(reposted from my comments at http://lwn.net/Articles/593918/)
I may have thought of a way to subvert SEAL_WRITE using O_DIRECT and asynchronous I/O. I am not sure if this is a real problem or not, but better to ask, right?
The exploit would go like this:
1) mmap() the shared memory 2) open some *other* file with O_DIRECT 3) prepare a read-type iocb for the *other* file pointing to the mmap()ed memory 4) io_submit(), but don't wait for it to complete 5) munmap() the shared memory 6) SEAL_WRITE the shared memory 7) the "sealed" memory is overwritten by DMA from the disk drive at some point in the future when the I/O completes
So this exploit effectively changes the contents of the supposedly write-protected memory after SEAL_WRITE is granted.
For O_DIRECT the kernel pins the submitted pages in memory for DMA by incrementing the page reference counts when the I/O is submitted, allowing the pages to be modified by DMA even if they are no longer mapped in the address space of the process. This is different from a regular read(), which uses the CPU to copy the data and will fail if the pages are not mapped.
I am sure there are also other direct I/O mechanisms in the kernel that can be used to setup a DMA transfer to change the contents of unmapped memory; the SCSI generic driver comes to mind.
I suppose SEAL_WRITE could iterate over all the pages in the file and check to make sure no page refcount is greater than the "expected" value, and return an error instead of granting the seal if a page is found with an unexpected extra reference that might have been added by e.g. get_user_pages() for direct I/O. But looking over shmem_set_seals() in patch 2/6, it doesn't seem to do that.
Tony Battersby Cybernetics
Hi
On Fri, Apr 11, 2014 at 11:36 PM, Andy Lutomirski luto@amacapital.net wrote:
A quick grep of the kernel tree finds exactly zero code paths incrementing i_mmap_writable outside of mmap and fork.
Or do you mean a different kind of write ref? What am I missing here?
Sorry, I meant i_writecount.
Thanks David
Hi
On Thu, Apr 10, 2014 at 11:33 PM, Tony Battersby tonyb@cybernetics.com wrote:
For O_DIRECT the kernel pins the submitted pages in memory for DMA by incrementing the page reference counts when the I/O is submitted, allowing the pages to be modified by DMA even if they are no longer mapped in the address space of the process. This is different from a regular read(), which uses the CPU to copy the data and will fail if the pages are not mapped.
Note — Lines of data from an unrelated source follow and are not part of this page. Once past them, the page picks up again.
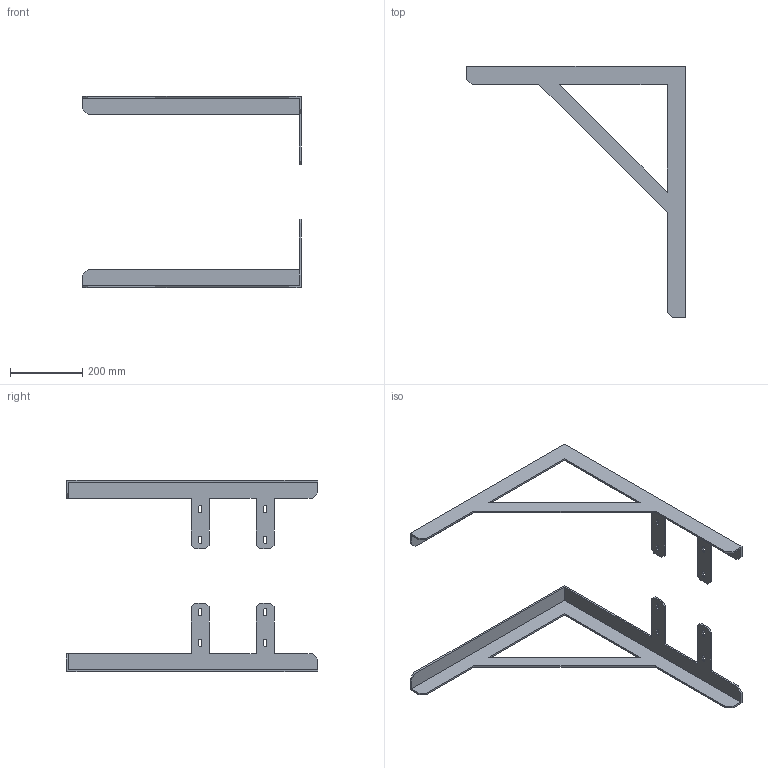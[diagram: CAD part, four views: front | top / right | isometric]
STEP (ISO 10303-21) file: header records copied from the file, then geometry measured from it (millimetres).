
FILE_DESCRIPTION((''),'2;1');
FILE_NAME('420 577 Paar.stp','2014-05-26T08:17:25',('hasch1kl'),(''),'Autodesk Inventor 2011','Autodesk Inventor 2011','');
FILE_SCHEMA(('AUTOMOTIVE_DESIGN { 1 0 10303 214 1 1 1 1 }'));
Length unit declared in the file: millimetre
Products named in the file (1): 420 577 Paar
Bounding box: 605 x 695 x 530 mm (x, y, z)
Volume: 1519326.7 mm3; surface area: 649731.1 mm2
Topology: 2 solids, 2 shells, 94 faces, 303 edges, 246 vertices
Faces by surface type: plane 78, cylinder 16
Entity records: 3502 total; most frequent: CARTESIAN_POINT 619, ORIENTED_EDGE 540, DIRECTION 533, EDGE_CURVE 270, VECTOR 263, LINE 263, VERTEX_POINT 180, AXIS2_PLACEMENT_3D 135
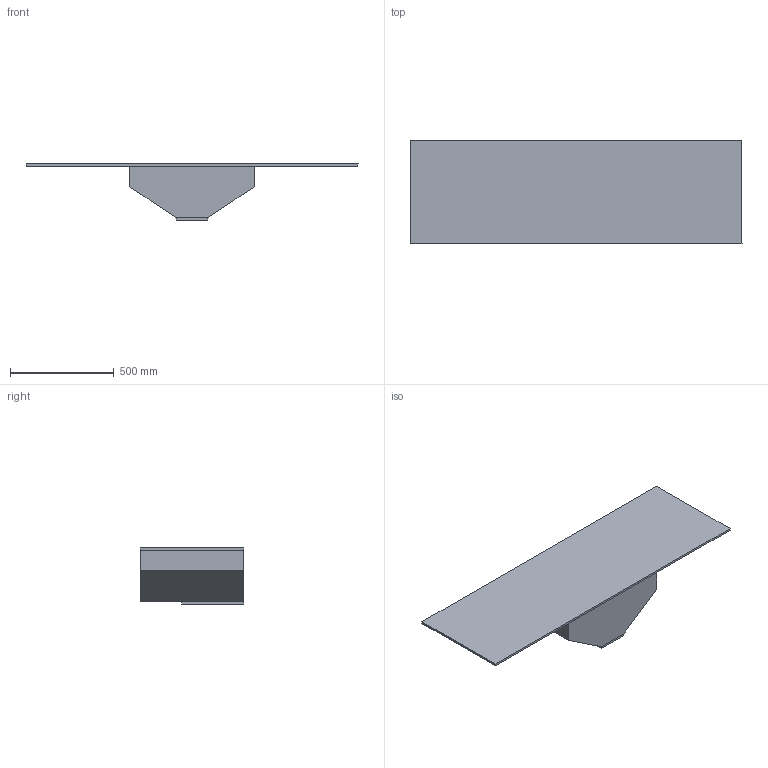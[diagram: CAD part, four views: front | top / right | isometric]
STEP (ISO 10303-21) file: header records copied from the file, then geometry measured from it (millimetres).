
FILE_DESCRIPTION(/* description */ ('STEP AP242','CAx-IF Rec.Pracs.---Representation and Presentation of Product Manufacturing Information (PMI)---4.0---2014-10-13','CAx-IF Rec.Pracs.---3D Tessellated Geometry---0.4---2014-09-14','2;1'),/* implementation_level */ '2;1');
FILE_NAME(/* name */ '6615d0c2bec742296e0d87f0',/* time_stamp */ '2024-04-09T23:35:30Z',/* author */ (''),/* organization */ (''),/* preprocessor_version */ 'ST-DEVELOPER v20',/* originating_system */ ' ',/* authorisation */ ' ');
FILE_SCHEMA (('AP242_MANAGED_MODEL_BASED_3D_ENGINEERING_MIM_LF { 1 0 10303 442 1 1 4 }'));
Length unit declared in the file: metre
Products named in the file (4): Assembly 2; bottom panel; Solar panel; Bus filled
Assembly tree (3 placements, depth 2):
  Assembly 2
    bottom panel
    Solar panel
    Bus filled
Bounding box: 1600 x 500 x 270 mm (x, y, z)
Volume: 66575000 mm3; surface area: 2718916.3 mm2
Topology: 3 solids, 3 shells, 20 faces, 42 edges, 28 vertices
Faces by surface type: plane 20
Entity records: 619 total; most frequent: CARTESIAN_POINT 94, DIRECTION 90, ORIENTED_EDGE 84, EDGE_CURVE 42, LINE 42, VECTOR 42, VERTEX_POINT 28, AXIS2_PLACEMENT_3D 24
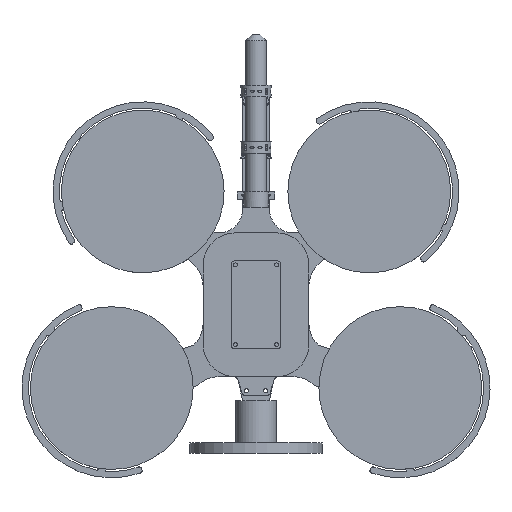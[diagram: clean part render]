
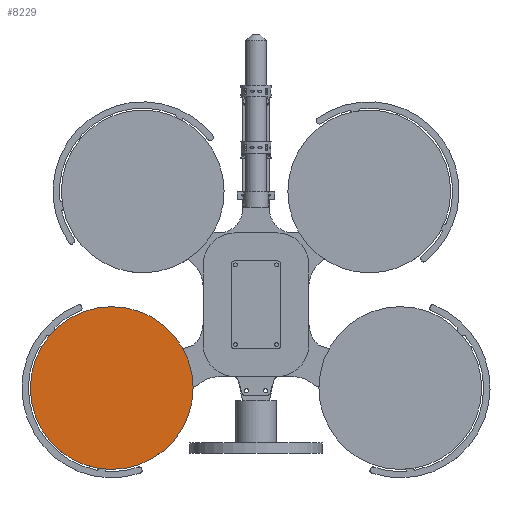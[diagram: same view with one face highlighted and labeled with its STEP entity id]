
A CAD part, top view. The second image highlights one B-rep face of the part: STEP entity #8229.
In plain terms, the highlighted face is planar.
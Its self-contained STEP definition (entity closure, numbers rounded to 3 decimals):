
#656=PLANE('',#8954);
#879=FACE_OUTER_BOUND('',#1301,.T.);
#1301=EDGE_LOOP('',(#5860));
#3255=CIRCLE('',#8948,63.5);
#3761=VERTEX_POINT('',#12517);
#4580=EDGE_CURVE('',#3761,#3761,#3255,.T.);
#5860=ORIENTED_EDGE('',*,*,#4580,.F.);
#8229=ADVANCED_FACE('',(#879),#656,.T.);
#8948=AXIS2_PLACEMENT_3D('',#12519,#10015,#10016);
#8954=AXIS2_PLACEMENT_3D('',#12528,#10028,#10029);
#10015=DIRECTION('center_axis',(0.,-1.,0.));
#10016=DIRECTION('ref_axis',(-1.,0.,0.));
#10028=DIRECTION('center_axis',(0.,1.,0.));
#10029=DIRECTION('ref_axis',(0.,0.,1.));
#12517=CARTESIAN_POINT('',(63.5,23.2,0.));
#12519=CARTESIAN_POINT('Origin',(0.,23.2,0.));
#12528=CARTESIAN_POINT('Origin',(0.,23.2,0.));
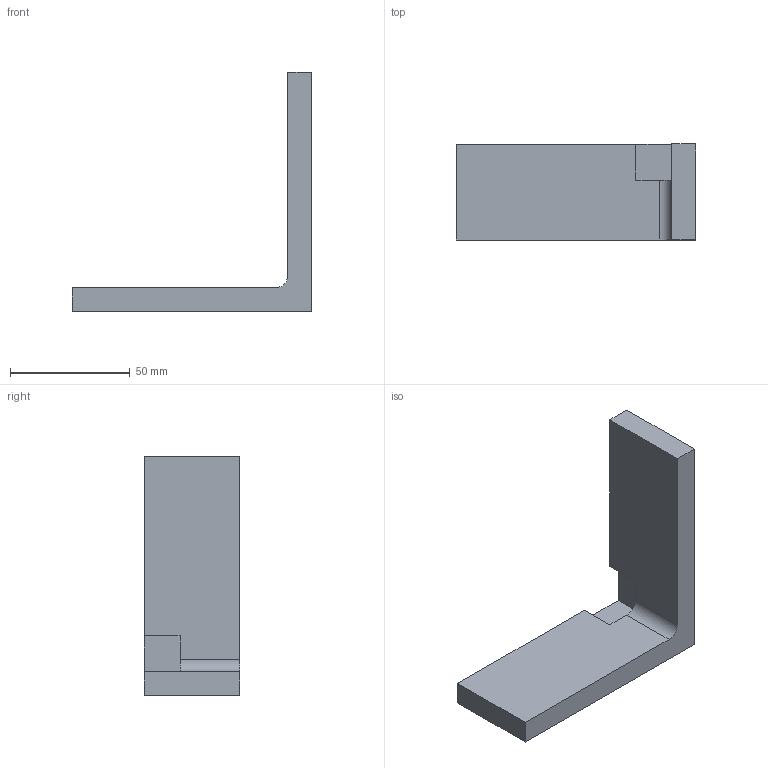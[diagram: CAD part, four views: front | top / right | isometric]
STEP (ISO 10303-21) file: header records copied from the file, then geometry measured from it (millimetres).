
FILE_DESCRIPTION(('FreeCAD Model'),'2;1');
FILE_NAME('Open CASCADE Shape Model','2024-01-12T17:17:48',('Author'),( ''),'Open CASCADE STEP processor 7.6','FreeCAD','Unknown');
FILE_SCHEMA(('AUTOMOTIVE_DESIGN { 1 0 10303 214 1 1 1 1 }'));
Length unit declared in the file: millimetre
Products named in the file (1): Cut
Bounding box: 100 x 40 x 100 mm (x, y, z)
Volume: 73509.1 mm3; surface area: 20057.1 mm2
Topology: 1 solids, 1 shells, 14 faces, 36 edges, 24 vertices
Faces by surface type: plane 13, cylinder 1
Entity records: 910 total; most frequent: CARTESIAN_POINT 167, DIRECTION 130, LINE 96, VECTOR 96, ORIENTED_EDGE 72, PCURVE 72, DEFINITIONAL_REPRESENTATION 72, EDGE_CURVE 36
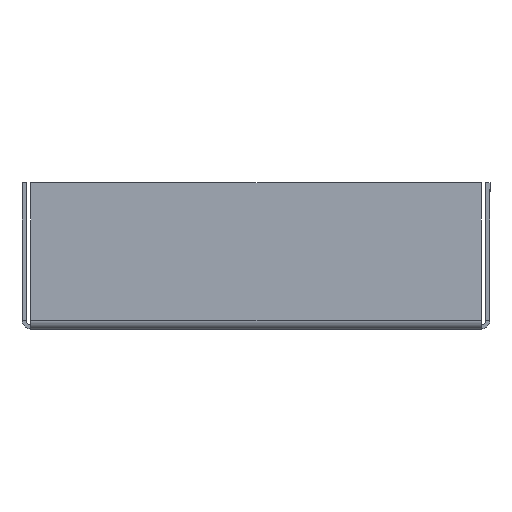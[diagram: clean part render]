
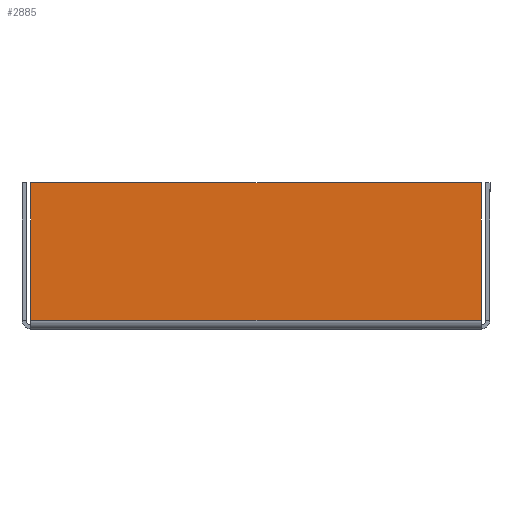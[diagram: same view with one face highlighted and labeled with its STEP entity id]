
A CAD part, left-side view. The second image highlights one B-rep face of the part: STEP entity #2885.
In plain terms, the highlighted planar face has unit normal (-1, 0, 0).
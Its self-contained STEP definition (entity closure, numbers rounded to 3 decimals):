
#471=FACE_OUTER_BOUND('',#613,.T.);
#613=EDGE_LOOP('',(#2359,#2360,#2361,#2362));
#967=LINE('',#4632,#1219);
#972=LINE('',#4645,#1224);
#979=LINE('',#4663,#1231);
#981=LINE('',#4666,#1233);
#1219=VECTOR('',#3839,10.);
#1224=VECTOR('',#3850,2.743);
#1231=VECTOR('',#3869,10.);
#1233=VECTOR('',#3873,10.);
#1491=VERTEX_POINT('',#4630);
#1492=VERTEX_POINT('',#4631);
#1497=VERTEX_POINT('',#4643);
#1502=VERTEX_POINT('',#4662);
#1839=EDGE_CURVE('',#1491,#1492,#967,.T.);
#1846=EDGE_CURVE('',#1492,#1497,#972,.T.);
#1855=EDGE_CURVE('',#1502,#1491,#979,.T.);
#1857=EDGE_CURVE('',#1497,#1502,#981,.T.);
#2359=ORIENTED_EDGE('',*,*,#1839,.T.);
#2360=ORIENTED_EDGE('',*,*,#1846,.T.);
#2361=ORIENTED_EDGE('',*,*,#1857,.T.);
#2362=ORIENTED_EDGE('',*,*,#1855,.T.);
#2749=PLANE('',#3166);
#2885=ADVANCED_FACE('',(#471),#2749,.T.);
#3166=AXIS2_PLACEMENT_3D('',#4669,#3877,#3878);
#3839=DIRECTION('',(0.,-1.,0.));
#3850=DIRECTION('',(0.,0.,1.));
#3869=DIRECTION('',(0.,0.,-1.));
#3873=DIRECTION('',(0.,1.,0.));
#3877=DIRECTION('center_axis',(-1.,0.,0.));
#3878=DIRECTION('ref_axis',(0.,1.,0.));
#4630=CARTESIAN_POINT('',(0.,199.39,3.81));
#4631=CARTESIAN_POINT('',(0.,3.81,3.81));
#4632=CARTESIAN_POINT('',(0.,101.6,3.81));
#4643=CARTESIAN_POINT('',(0.,3.81,63.5));
#4645=CARTESIAN_POINT('',(0.,3.81,-4.808));
#4662=CARTESIAN_POINT('',(0.,199.39,63.5));
#4663=CARTESIAN_POINT('',(0.,199.39,3.81));
#4666=CARTESIAN_POINT('',(0.,199.39,63.5));
#4669=CARTESIAN_POINT('Origin',(0.,101.6,-237.989));

Can you please provide an example code-path? For instance, file_read_actor() does not pin any pages but only keeps the user-space address and resolves it once it has data to write.
Thanks David
On Fri, Apr 11, 2014 at 2:42 PM, David Herrmann dh.herrmann@gmail.com wrote:
Hi
On Fri, Apr 11, 2014 at 11:36 PM, Andy Lutomirski luto@amacapital.net wrote:
A quick grep of the kernel tree finds exactly zero code paths incrementing i_mmap_writable outside of mmap and fork.
Or do you mean a different kind of write ref? What am I missing here?
Sorry, I meant i_writecount.
I bet this is missing from lots of places. For example, I can't find any write_access stuff in the rdma code.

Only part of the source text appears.